Line by line, copy out the entries exactly and leave the pictures behind.

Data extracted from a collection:

════════════════

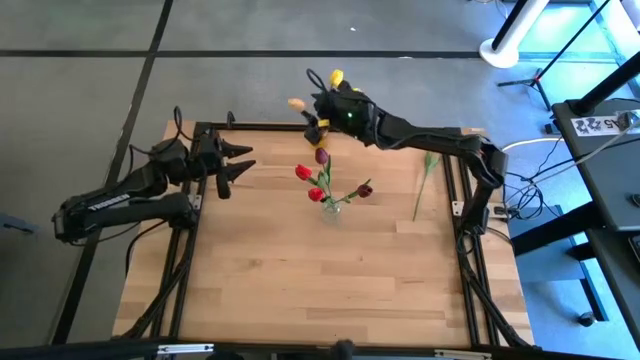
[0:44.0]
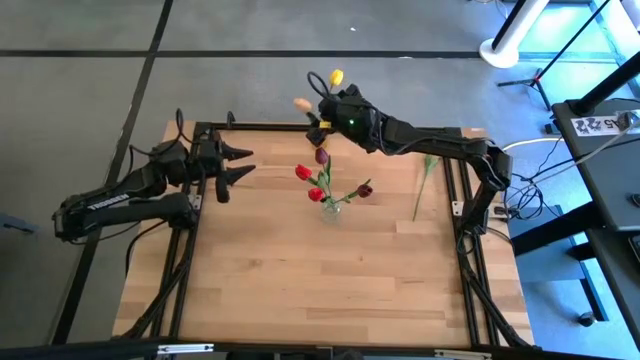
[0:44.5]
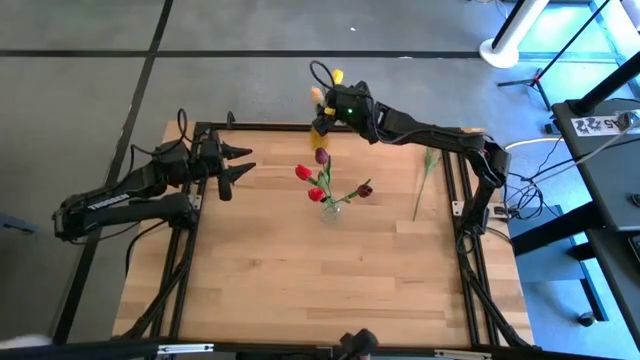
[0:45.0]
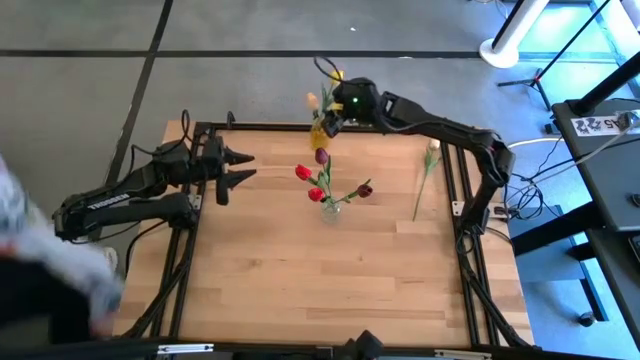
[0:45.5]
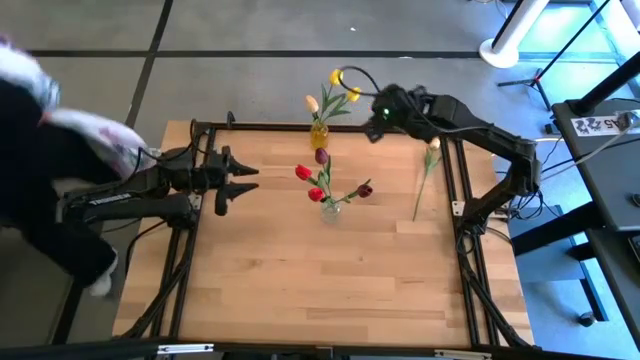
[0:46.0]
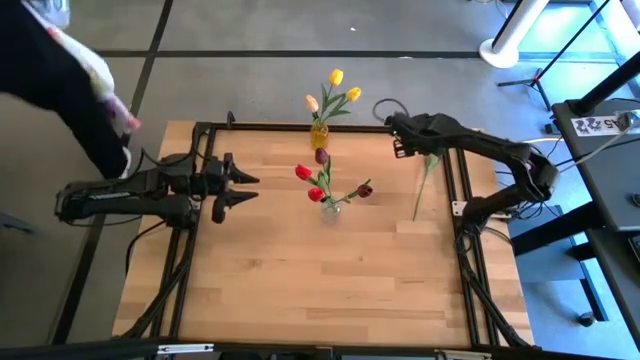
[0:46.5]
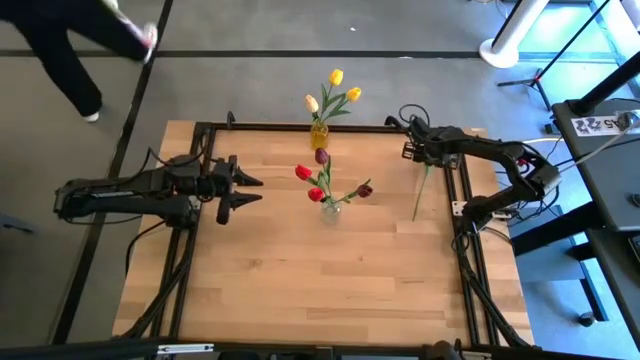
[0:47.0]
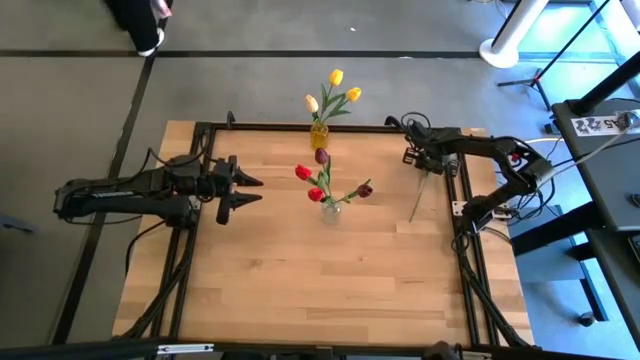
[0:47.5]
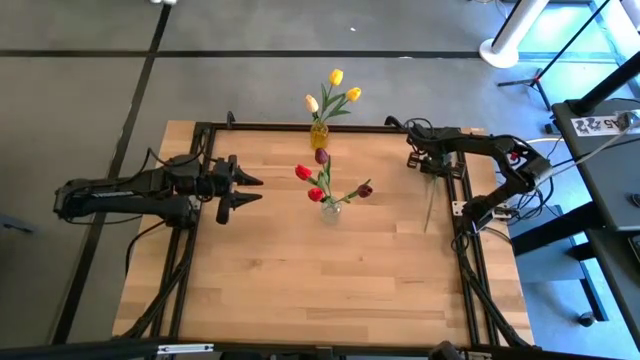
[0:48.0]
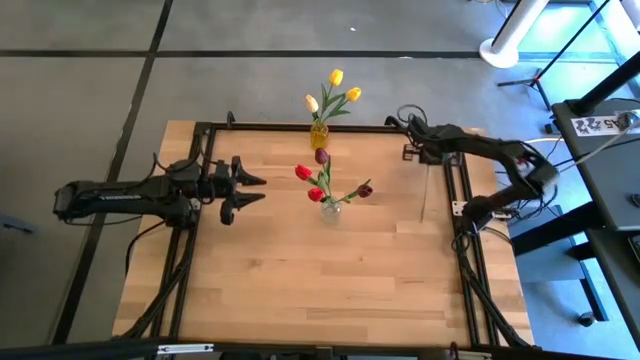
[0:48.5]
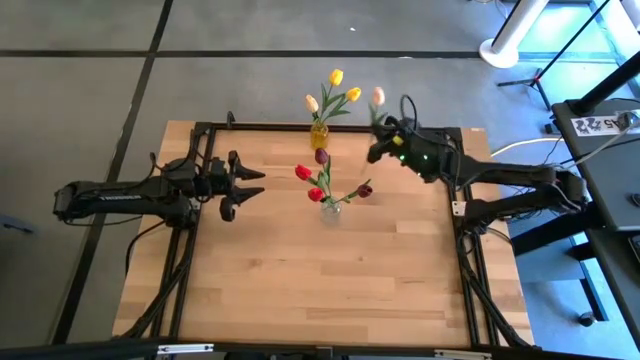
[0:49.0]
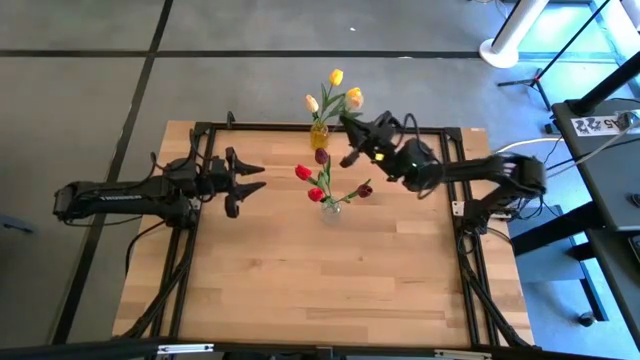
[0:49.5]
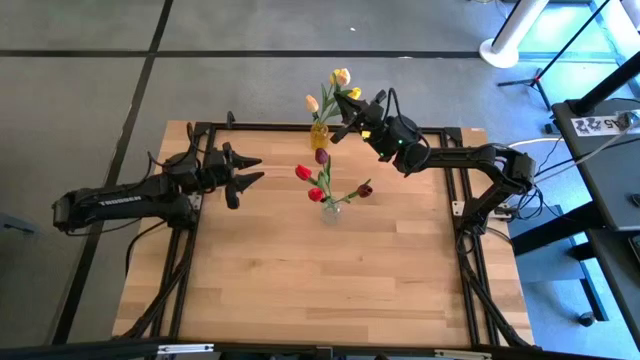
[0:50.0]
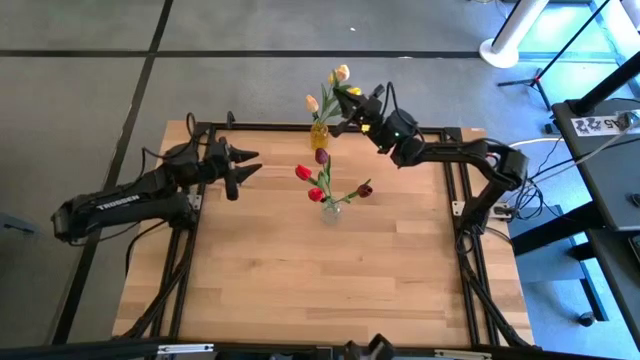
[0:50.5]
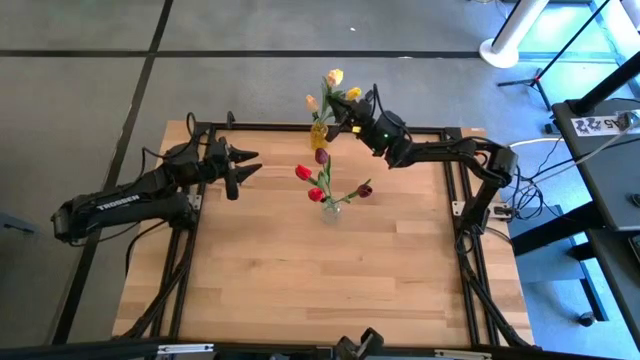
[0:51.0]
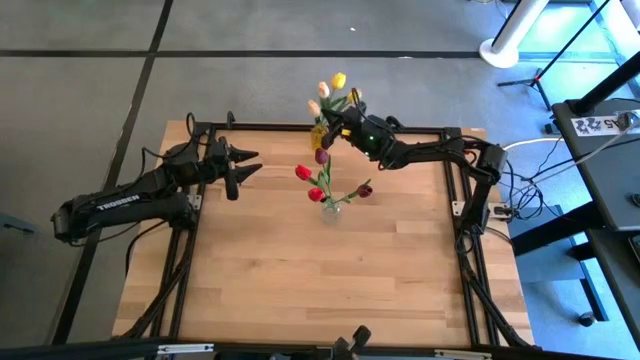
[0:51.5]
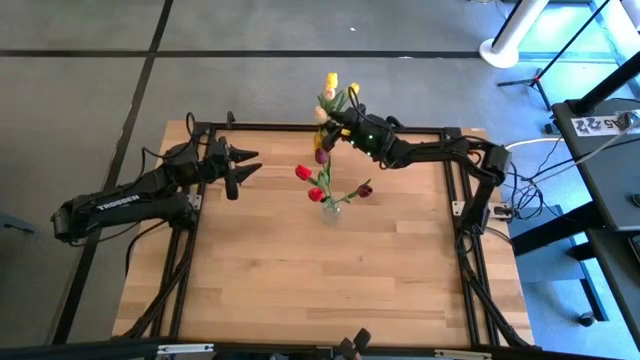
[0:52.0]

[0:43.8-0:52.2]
Task: Sort flowers into vase by color
Put the white tulip into the yellow vase

════════════════

▶ [RESPONSE TO THIS EXERCISE]
[0:44.0]
[0:44.5]
[0:45.0]
[0:45.5]
[0:46.0]
[0:46.5]
[0:47.0]
[0:47.5]
[0:48.0]
[0:48.5]
[0:49.0]
[0:49.5]
[0:50.0]
[0:50.5]
[0:51.0]
[0:51.5]
[0:52.0]

[0:43.8-0:52.2]
Task: Sort flowers into vase by color
Put the white tulip into the yellow vase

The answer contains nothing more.